# Wing clipping



## Laura (Jul 30, 2007)

Just curious if anyone clips there tiels wings or gets them done elsewhere I have always got mine done by our breeder but it can be a pain going all the way down there I don't think I am ready to do it myself yet I am so afraid of doing it wrong  I don't keep mine fully clipped just alittle so they can still fly but not the crazy flying I have read up on it and it doesn't look to hard but I am not comfortable doing it yet does anyone have any tips if they do it themselves?


----------



## Bea (Jul 26, 2007)

My guys are too stupid to be fully flighted.  I clip my birds myself (if i choose to clip) and Cookie and Bailee both have 3 flights on each side clipped. This allows them to fly beautifully, but not at break neck speeds.

To clip yourself in an almost fool proof way use nail clippers and do one feather at a time. That way you can slice off the whole wing by accident.


----------



## birdieness (Jul 28, 2007)

I choose not to clip. Just my choice. If it happens i need to for some reason then i will clip myself. I've clipped enough now to know how to do it. Takes time but it really helps to have two people. One to hold the bird and pull out the wing and the other to clip the feathers. I've found this way the best for the budgies but i can do it alone if i must.


----------



## Laura (Jul 30, 2007)

I would definetly needs someone to help me hold...lol I never even thought to use nail clippers thanks for the tip Bea


----------



## Aly (Jul 30, 2007)

I clip all of mine..all 10 of them. One at a time is the best way- put them on ur chest or on the counter, you can cover them with a small towel, take each wing and clip a line- and remember better too little then too much.


----------



## Plukie (Aug 26, 2007)

Well, to be honest..I wouldn't have a clue. You could draw me pictures and I still wouldn't be confident enough to clip wings. Dooby does fly like a lunatic, but so far, so good, we have learnt to duck!!


----------



## Laura (Jul 30, 2007)

Plukie said:


> Well, to be honest..I wouldn't have a clue. You could draw me pictures and I still wouldn't be confident enough to clip wings. Dooby does fly like a lunatic, but so far, so good, we have learnt to duck!!


Just wait till he figures out how to get you when your ducking...lol Ollie is relentless we play this little hide and seek game and I try to run and hide around the corner and he still finds me and lands on my head ..lol or if I duck to far down he lands on my back


----------



## Plukie (Aug 26, 2007)

LOL!! That sounds like fun.


----------



## guido (Nov 2, 2007)

Hi,

I would like to clip charlies flight feathers, looked at the youtube movie - and it doesnt look too hard, although I would be a little aprenhensive but only because I have never done it before.

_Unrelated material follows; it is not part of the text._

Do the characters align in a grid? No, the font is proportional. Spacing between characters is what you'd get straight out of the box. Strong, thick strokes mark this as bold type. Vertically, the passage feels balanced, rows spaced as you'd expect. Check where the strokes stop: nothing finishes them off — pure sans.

do most people tend to clip >?


----------



## Laura (Jul 30, 2007)

Its all a personal choice but it seems like most clip there tiels to some extent some more then others, mine are all clipped but they are still able to fly just not the crazy flying were there going to hurt themselves, only my newest is clipped to were she can fly but can't get alot of lift, Alot of people on here clip there tiels themselves I have not tried it yet I to am a little aprenensive about it but I am going to try it myself soon


----------



## Mal (Oct 24, 2007)

hmmm I don't know if I am going to clip or not clip...I would like to have them cliped but I am scared to do it by my self...but the breeder I might get him/her form is an hr away...how often do they need to be clipped???? Once a week, month, year??? I would think month...but I am not sure????


----------



## Aly (Jul 30, 2007)

Mal said:


> hmmm I don't know if I am going to clip or not clip...I would like to have them cliped but I am scared to do it by my self...but the breeder I might get him/her form is an hr away...how often do they need to be clipped???? Once a week, month, year??? I would think month...but I am not sure????

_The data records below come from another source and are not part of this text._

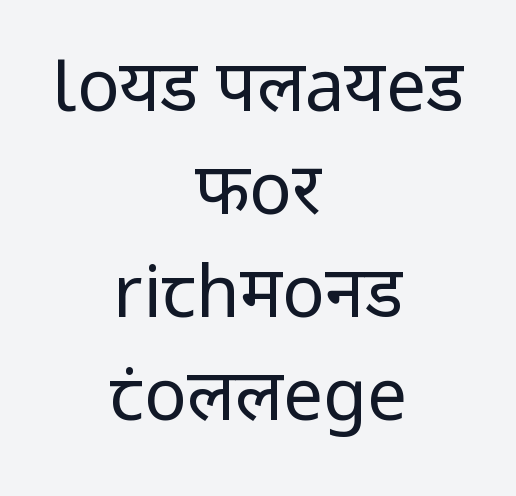
The area under the type is left untouched. Note: no serifs on the glyphs. This sample has the flowing, uneven cadence of proportional lettering. This is not heavy type; no bold has been used. These lines are centered, leaving both edges ragged.
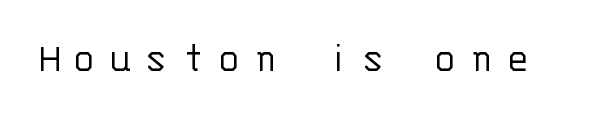
Italic: no, the glyphs are upright roman. These lines are rendered in a fixed-pitch font. You can tell from the bare stems that sans-serif type was used. Words appear elongated and porous because spacing is wide. Weight: in the light-to-regular range. Lines of text with bare space underneath.
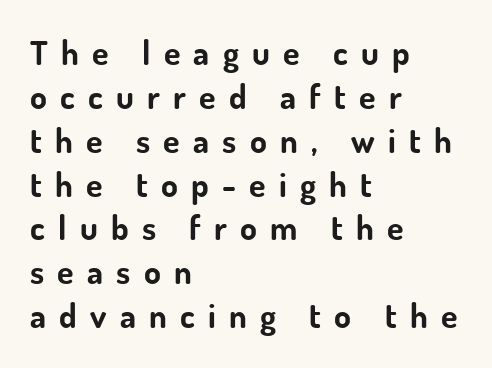
The image shows 34 px bold sans-serif type, upright; set left-aligned, normal line spacing (1.29x), unusually wide letter spacing (+0.39 em), not underlined; low stroke contrast and a small x-height.

Clipping is quite simple-once you get the hang of it you can do it in a matter of seconds... I will try and post a guide later today that might help people that aren't familiar with it.


----------



## Mal (Oct 24, 2007)

oh cool that would be awsome!!!! Where would it be posted...in this thread or a different one???


----------



## Aly (Jul 30, 2007)

Mal said:


> oh cool that would be awsome!!!! Where would it be posted...in this thread or a different one???


No problem. We need a guide anyway. It'll be in the Cockatiel health section but I'll post the link here for it.


----------



## Mal (Oct 24, 2007)

Awsome thanks!!!!! (your so helpfull


----------



## Aly (Jul 30, 2007)

Mal said:


> Awsome thanks!!!!! (your so helpfull


No problem. We all started at nothing.  here it is http://talkcockatiels.com/showthread.php/wing-clipping-101-682.html?p=6649#post6649


----------



## guido (Nov 2, 2007)

I am the same really, after watching this movie on you tube, I am tempted to have a go soon.

http://www.youtube.com/watch?v=ffQF_tnxAmc

I would probably clip just the flight feathers, am I right in thinking that just slows them a litte? might it help charlie learning to step on my finger a little better?


----------



## Aly (Jul 30, 2007)

guido said:


> I am the same really, after watching this movie on you tube, I am tempted to have a go soon.
> 
> http://www.youtube.com/watch?v=ffQF_tnxAmc
> 
> I would probably clip just the flight feathers, am I right in thinking that just slows them a litte? might it help charlie learning to step on my finger a little better?



Clipping or not is pretty contreversial. It's really what you think is best for your birds. For example, my budgies were clipped until tame and now they are all flighted. I will not be clipping them again at all. Baby and Ziggy both were clipped from the start, not because they aren't tame but because they go outside (*my little disclaimer-I am not recommending clipping your tiel to take it outside-a clipped tiel can still fly and there are alot of things you need to know about your tiel before trying to do so) It depends on the person, bird and situation. Here is the article http://talkcockatiels.com/showthread...=6649#post6649


----------



## guido (Nov 2, 2007)

Hi, thanks for the info;

I realise the wing clipping can be as contraversial as child smacking 
I can see your point too, from what your saying it may prove beneficial in the early days to be clipped i think. Maybe when your passed the initial stages clipping becomes less of an issue.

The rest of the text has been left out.